Santa has always run a one-sleigh operation, but a new analysis could help him speed deliveries and save energy, if he ever decided to add a drone to his route.


A promising solution to coordinated vehicle/drone delivery to a grid of locations. The black curves are the routes the truck follows at 5 meters per second, and the blue lines inticate the route a drone takes while flying at 25 meters per second. Image courtesy of Los Alamos National Laboratory.

“People have considered combinations of ground vehicles and drones for deliveries in the past,” said study coauthor Kaarthik Sundar of the Information Systems and Modeling group at Los Alamos National Laboratory, “but they focused on trucks that would move from one point to the next, park while the drones visited various nearby locations, and then wait for the drones to return before moving on. We instead propose solutions for a truck that moves continuously, while a drone flies out and returns to the truck as it proceeds along its route.”

According to information, Sundar and his coauthors formulate the problem of a ground vehicle (a sleigh, perhaps, in Santa’s case, although not a flying one) and a companion drone that must visit a set of locations (or, say, chimneys). The goal is to find a feasible route that takes into account the fact that drones are speedy, but have limited fuel and capacity, and that trucks are relatively slow, but have long ranges and large payloads.

A basic version of the so-called Variable Neighborhood Search algorithm identifies good solutions to the problem. The approach doesn’t provide the most optimal route for a truck and drone, but finds promising routes quickly.

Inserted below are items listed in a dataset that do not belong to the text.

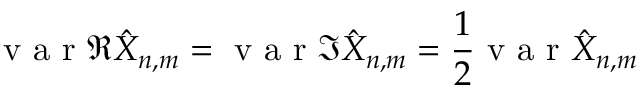
\mathrm { ~ v ~ a ~ r ~ } \Re \hat { X } _ { n , m } = \mathrm { ~ v ~ a ~ r ~ } \Im \hat { X } _ { n , m } = \frac { 1 } { 2 } \mathrm { ~ v ~ a ~ r ~ } \hat { X } _ { n , m }
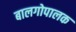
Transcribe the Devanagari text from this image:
बालगोपालक
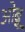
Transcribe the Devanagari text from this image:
ओब्नू
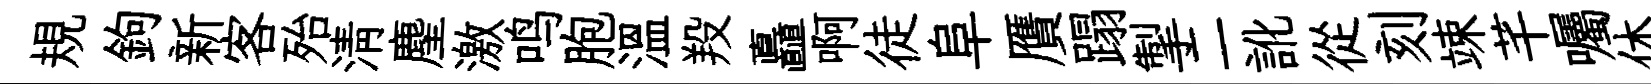
規鉤新客殆淸麈激鸣胞温羖矗啊徒阜贋蹋掣二訛從刻竦芊囑休
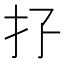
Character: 𢩯
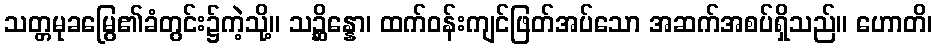
သတ္တမုခမြွေ၏ခံတွင်း၌ကဲ့သို့။ သဉ္ဆိန္နော၊ ထက်ဝန်းကျင်ဖြတ်အပ်သော အဆက်အစပ်ရှိသည်။ ဟောတိ၊
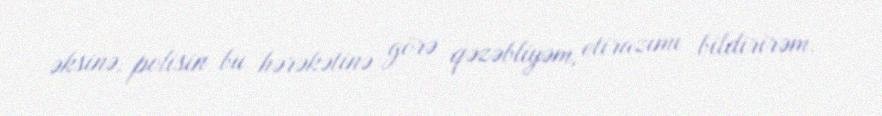
əksinə, polisin bu hərəkətinə görə qəzəbliyəm, etirazımı bildirirəm.
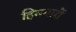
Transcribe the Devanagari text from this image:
हिमगारों
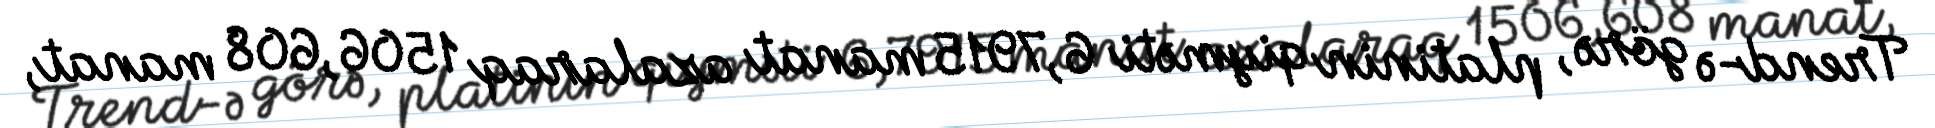
Trend-ə görə, platinin qiyməti 6,7915 manat azalaraq 1506,608 manat,
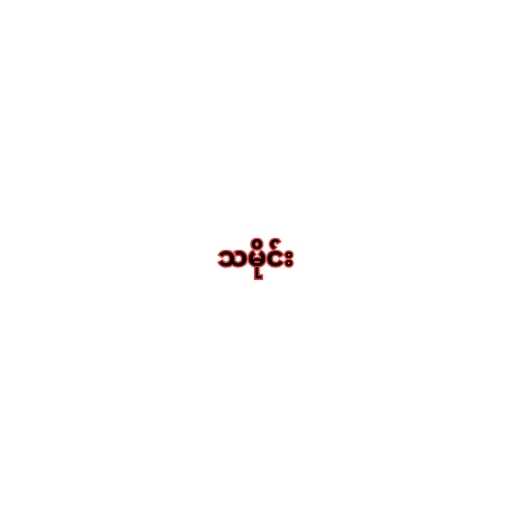
သမိုင်း

The study, Coordinated Air-Ground Vehicle Routing with Timing Constraints, focuses primarily on surveillance scenarios involving a ground vehicle that serves as a moving base for a drone that flies out to collect data and returns to the ground vehicle to upload data and refuel. But Sundar points out that the problem is essentially the same for a delivery service truck and a drone dropping of packages.

Sundar’s coauthor, Sujit PB of Indraprastha Institute of Information Technology in Delhi, presented the study recently at the Indian Control Conference.